INFORMATION GIVEN:
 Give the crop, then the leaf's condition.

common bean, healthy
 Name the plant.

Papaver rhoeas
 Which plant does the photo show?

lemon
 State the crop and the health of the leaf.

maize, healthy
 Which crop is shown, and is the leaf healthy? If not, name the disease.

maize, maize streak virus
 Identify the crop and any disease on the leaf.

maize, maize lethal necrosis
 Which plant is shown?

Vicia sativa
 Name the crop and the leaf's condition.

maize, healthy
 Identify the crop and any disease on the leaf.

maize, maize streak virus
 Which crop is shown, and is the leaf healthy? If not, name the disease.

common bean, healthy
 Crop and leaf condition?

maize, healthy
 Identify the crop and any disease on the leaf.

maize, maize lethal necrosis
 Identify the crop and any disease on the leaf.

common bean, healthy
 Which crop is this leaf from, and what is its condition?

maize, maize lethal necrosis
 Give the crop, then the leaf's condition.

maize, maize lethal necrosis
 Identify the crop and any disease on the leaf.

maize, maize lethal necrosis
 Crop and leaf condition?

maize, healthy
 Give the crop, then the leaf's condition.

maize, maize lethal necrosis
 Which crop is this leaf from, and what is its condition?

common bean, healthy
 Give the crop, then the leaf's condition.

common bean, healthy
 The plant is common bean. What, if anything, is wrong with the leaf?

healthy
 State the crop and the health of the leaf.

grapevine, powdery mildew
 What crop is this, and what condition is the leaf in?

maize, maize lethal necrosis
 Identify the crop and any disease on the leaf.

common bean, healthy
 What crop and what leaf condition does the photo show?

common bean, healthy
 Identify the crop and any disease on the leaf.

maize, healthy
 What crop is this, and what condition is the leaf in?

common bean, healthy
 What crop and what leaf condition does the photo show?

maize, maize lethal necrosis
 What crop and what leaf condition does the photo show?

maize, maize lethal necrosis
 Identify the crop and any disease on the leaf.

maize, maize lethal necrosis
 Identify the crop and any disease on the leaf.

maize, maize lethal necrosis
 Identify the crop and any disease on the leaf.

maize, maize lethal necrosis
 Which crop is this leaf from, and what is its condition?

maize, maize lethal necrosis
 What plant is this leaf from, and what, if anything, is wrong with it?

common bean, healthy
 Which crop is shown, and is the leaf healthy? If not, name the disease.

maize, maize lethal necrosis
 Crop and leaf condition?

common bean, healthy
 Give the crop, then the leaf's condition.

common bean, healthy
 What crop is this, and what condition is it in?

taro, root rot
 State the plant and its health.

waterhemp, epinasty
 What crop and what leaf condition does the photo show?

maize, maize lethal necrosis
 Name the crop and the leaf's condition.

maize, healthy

WORK REQUEST:
Would you please copy the whole listing exactly as given?

OUTPUT FOR THIS TASK:
 Give the crop, then the leaf's condition.

common bean, healthy
 Name the plant.

Papaver rhoeas
 Which plant does the photo show?

lemon
 State the crop and the health of the leaf.

maize, healthy
 Which crop is shown, and is the leaf healthy? If not, name the disease.

maize, maize streak virus
 Identify the crop and any disease on the leaf.

maize, maize lethal necrosis
 Which plant is shown?

Vicia sativa
 Name the crop and the leaf's condition.

maize, healthy
 Identify the crop and any disease on the leaf.

maize, maize streak virus
 Which crop is shown, and is the leaf healthy? If not, name the disease.

common bean, healthy
 Crop and leaf condition?

maize, healthy
 Identify the crop and any disease on the leaf.

maize, maize lethal necrosis
 Identify the crop and any disease on the leaf.

common bean, healthy
 Which crop is this leaf from, and what is its condition?

maize, maize lethal necrosis
 Give the crop, then the leaf's condition.

maize, maize lethal necrosis
 Identify the crop and any disease on the leaf.

maize, maize lethal necrosis
 Crop and leaf condition?

maize, healthy
 Give the crop, then the leaf's condition.

maize, maize lethal necrosis
 Which crop is this leaf from, and what is its condition?

common bean, healthy
 Give the crop, then the leaf's condition.

common bean, healthy
 The plant is common bean. What, if anything, is wrong with the leaf?

healthy
 State the crop and the health of the leaf.

grapevine, powdery mildew
 What crop is this, and what condition is the leaf in?

maize, maize lethal necrosis
 Identify the crop and any disease on the leaf.

common bean, healthy
 What crop and what leaf condition does the photo show?

common bean, healthy
 Identify the crop and any disease on the leaf.

maize, healthy
 What crop is this, and what condition is the leaf in?

common bean, healthy
 What crop and what leaf condition does the photo show?

maize, maize lethal necrosis
 What crop and what leaf condition does the photo show?

maize, maize lethal necrosis
 Identify the crop and any disease on the leaf.

maize, maize lethal necrosis
 Identify the crop and any disease on the leaf.

maize, maize lethal necrosis
 Identify the crop and any disease on the leaf.

maize, maize lethal necrosis
 Which crop is this leaf from, and what is its condition?

maize, maize lethal necrosis
 What plant is this leaf from, and what, if anything, is wrong with it?

common bean, healthy
 Which crop is shown, and is the leaf healthy? If not, name the disease.

maize, maize lethal necrosis
 Crop and leaf condition?

common bean, healthy
 Give the crop, then the leaf's condition.

common bean, healthy
 What crop is this, and what condition is it in?

taro, root rot
 State the plant and its health.

waterhemp, epinasty
 What crop and what leaf condition does the photo show?

maize, maize lethal necrosis
 Name the crop and the leaf's condition.

maize, healthy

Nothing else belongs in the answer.